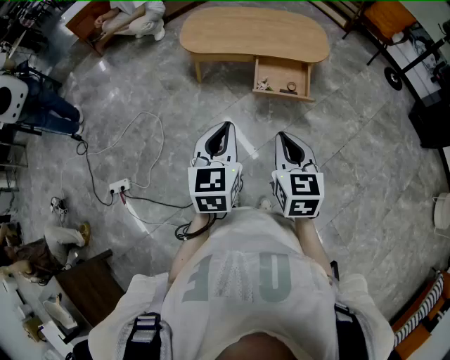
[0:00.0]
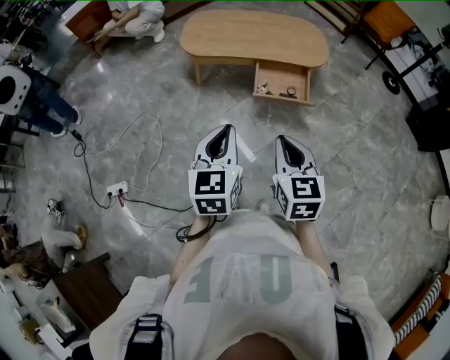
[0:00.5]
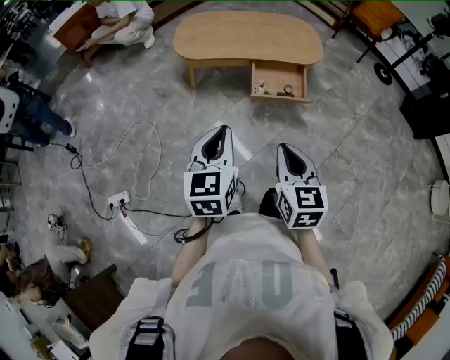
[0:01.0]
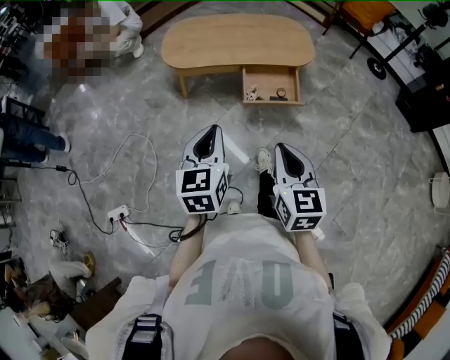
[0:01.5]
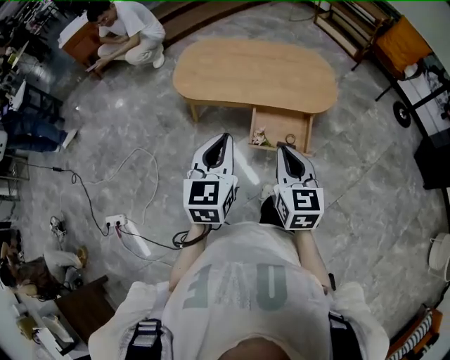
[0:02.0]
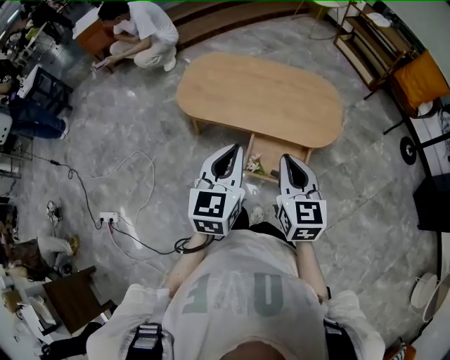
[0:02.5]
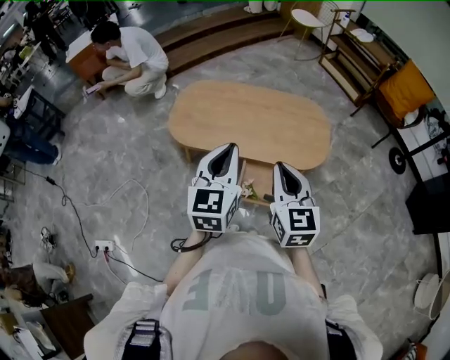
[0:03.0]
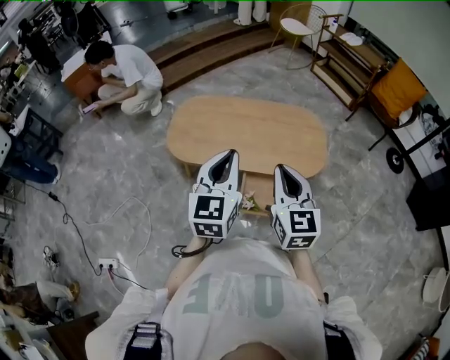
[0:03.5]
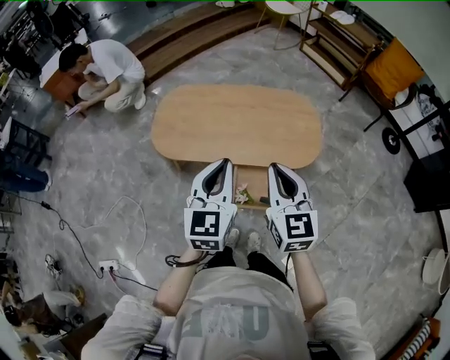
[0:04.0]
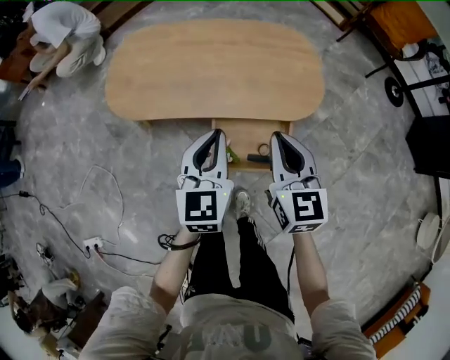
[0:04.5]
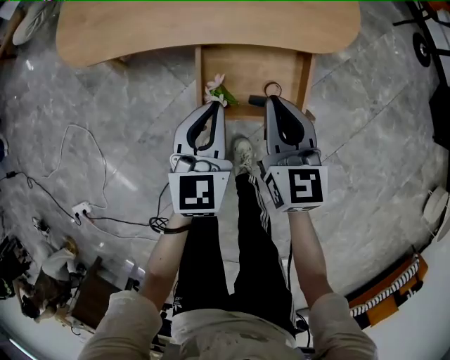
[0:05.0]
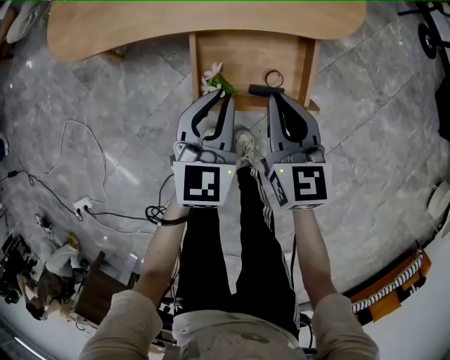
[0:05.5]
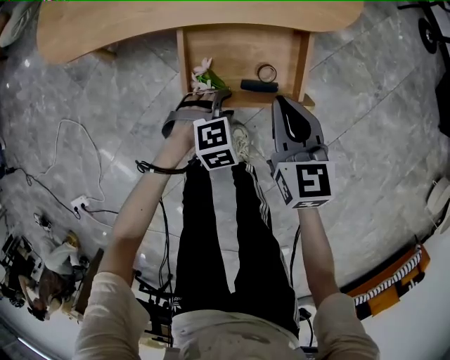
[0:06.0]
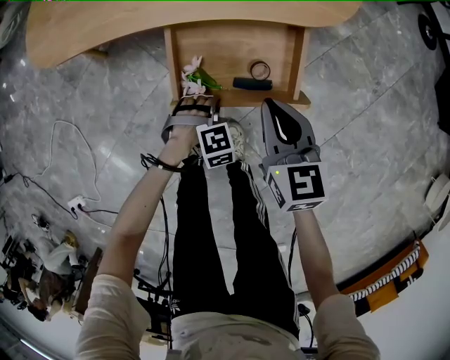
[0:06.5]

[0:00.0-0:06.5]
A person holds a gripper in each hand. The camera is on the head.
0:00.0 to 0:02.0: The grippers both shift forward by some 25 cm.
0:02.0 to 0:04.5: The left gripper shifts some 30 cm forward, downward and to the right, while the right gripper heads forward and downward, covering approximately 25 cm.
0:04.5 to 0:06.5: The right gripper moves downward, roughly 30 cm. Meanwhile the left gripper moves downward, some 50 cm, angles its fingers downward, by about 60 degrees, and opens, then closes again.

_Exercise_
Keep every word of the material exactly as given. Drop the pictures.

_Answer box_
[0:00.0]
[0:00.5]
[0:01.0]
[0:01.5]
[0:02.0]
[0:02.5]
[0:03.0]
[0:03.5]
[0:04.0]
[0:04.5]
[0:05.0]
[0:05.5]
[0:06.0]
[0:06.5]

[0:00.0-0:06.5]
A person holds a gripper in each hand. The camera is on the head.
0:00.0 to 0:02.0: The grippers both shift forward by some 25 cm.
0:02.0 to 0:04.5: The left gripper shifts some 30 cm forward, downward and to the right, while the right gripper heads forward and downward, covering approximately 25 cm.
0:04.5 to 0:06.5: The right gripper moves downward, roughly 30 cm. Meanwhile the left gripper moves downward, some 50 cm, angles its fingers downward, by about 60 degrees, and opens, then closes again.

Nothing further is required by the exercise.